Work required: Search the material and gather each line with "diameter" in it.

Stored data:

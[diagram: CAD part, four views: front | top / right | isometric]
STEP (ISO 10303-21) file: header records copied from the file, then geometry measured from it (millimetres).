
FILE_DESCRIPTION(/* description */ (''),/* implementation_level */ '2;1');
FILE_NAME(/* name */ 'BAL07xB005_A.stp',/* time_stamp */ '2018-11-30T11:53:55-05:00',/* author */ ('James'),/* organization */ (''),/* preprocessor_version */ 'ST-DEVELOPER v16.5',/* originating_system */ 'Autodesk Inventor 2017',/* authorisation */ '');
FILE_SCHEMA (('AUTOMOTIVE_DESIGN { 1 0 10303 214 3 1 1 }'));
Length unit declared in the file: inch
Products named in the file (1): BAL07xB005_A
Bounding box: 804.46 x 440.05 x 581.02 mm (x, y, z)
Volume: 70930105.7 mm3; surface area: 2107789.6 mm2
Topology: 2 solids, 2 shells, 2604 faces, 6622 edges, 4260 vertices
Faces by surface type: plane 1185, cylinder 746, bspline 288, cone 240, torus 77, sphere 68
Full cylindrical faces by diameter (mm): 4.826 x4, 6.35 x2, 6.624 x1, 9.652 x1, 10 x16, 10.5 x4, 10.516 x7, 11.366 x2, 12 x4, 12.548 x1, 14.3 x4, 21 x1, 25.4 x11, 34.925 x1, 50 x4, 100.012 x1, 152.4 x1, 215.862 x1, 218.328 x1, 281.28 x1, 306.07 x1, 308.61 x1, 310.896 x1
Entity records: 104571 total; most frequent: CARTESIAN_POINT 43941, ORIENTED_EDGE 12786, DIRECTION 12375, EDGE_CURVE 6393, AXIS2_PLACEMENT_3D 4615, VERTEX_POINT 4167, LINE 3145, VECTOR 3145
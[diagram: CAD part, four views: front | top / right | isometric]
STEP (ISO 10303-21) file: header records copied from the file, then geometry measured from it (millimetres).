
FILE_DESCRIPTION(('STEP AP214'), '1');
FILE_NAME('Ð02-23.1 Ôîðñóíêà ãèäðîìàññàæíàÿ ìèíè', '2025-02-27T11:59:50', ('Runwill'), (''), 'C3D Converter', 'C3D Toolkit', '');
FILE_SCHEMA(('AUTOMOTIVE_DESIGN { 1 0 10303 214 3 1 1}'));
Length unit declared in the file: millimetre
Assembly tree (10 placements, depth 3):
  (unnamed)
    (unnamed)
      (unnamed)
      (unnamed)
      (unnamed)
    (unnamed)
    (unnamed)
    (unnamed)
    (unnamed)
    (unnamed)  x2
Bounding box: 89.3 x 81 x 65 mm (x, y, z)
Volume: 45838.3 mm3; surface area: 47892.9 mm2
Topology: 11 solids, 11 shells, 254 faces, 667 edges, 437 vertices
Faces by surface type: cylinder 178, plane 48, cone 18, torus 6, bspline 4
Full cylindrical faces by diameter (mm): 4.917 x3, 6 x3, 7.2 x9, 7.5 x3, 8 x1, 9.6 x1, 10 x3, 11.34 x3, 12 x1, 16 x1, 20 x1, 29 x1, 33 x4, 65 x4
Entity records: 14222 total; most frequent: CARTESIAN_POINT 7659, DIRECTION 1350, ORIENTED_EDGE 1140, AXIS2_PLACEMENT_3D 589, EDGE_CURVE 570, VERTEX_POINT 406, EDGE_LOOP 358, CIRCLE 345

Solution:
Full cylindrical faces by diameter (mm): 4.826 x4, 6.35 x2, 6.624 x1, 9.652 x1, 10 x16, 10.5 x4, 10.516 x7, 11.366 x2, 12 x4, 12.548 x1, 14.3 x4, 21 x1, 25.4 x11, 34.925 x1, 50 x4, 100.012 x1, 152.4 x1, 215.862 x1, 218.328 x1, 281.28 x1, 306.07 x1, 308.61 x1, 310.896 x1
Full cylindrical faces by diameter (mm): 4.917 x3, 6 x3, 7.2 x9, 7.5 x3, 8 x1, 9.6 x1, 10 x3, 11.34 x3, 12 x1, 16 x1, 20 x1, 29 x1, 33 x4, 65 x4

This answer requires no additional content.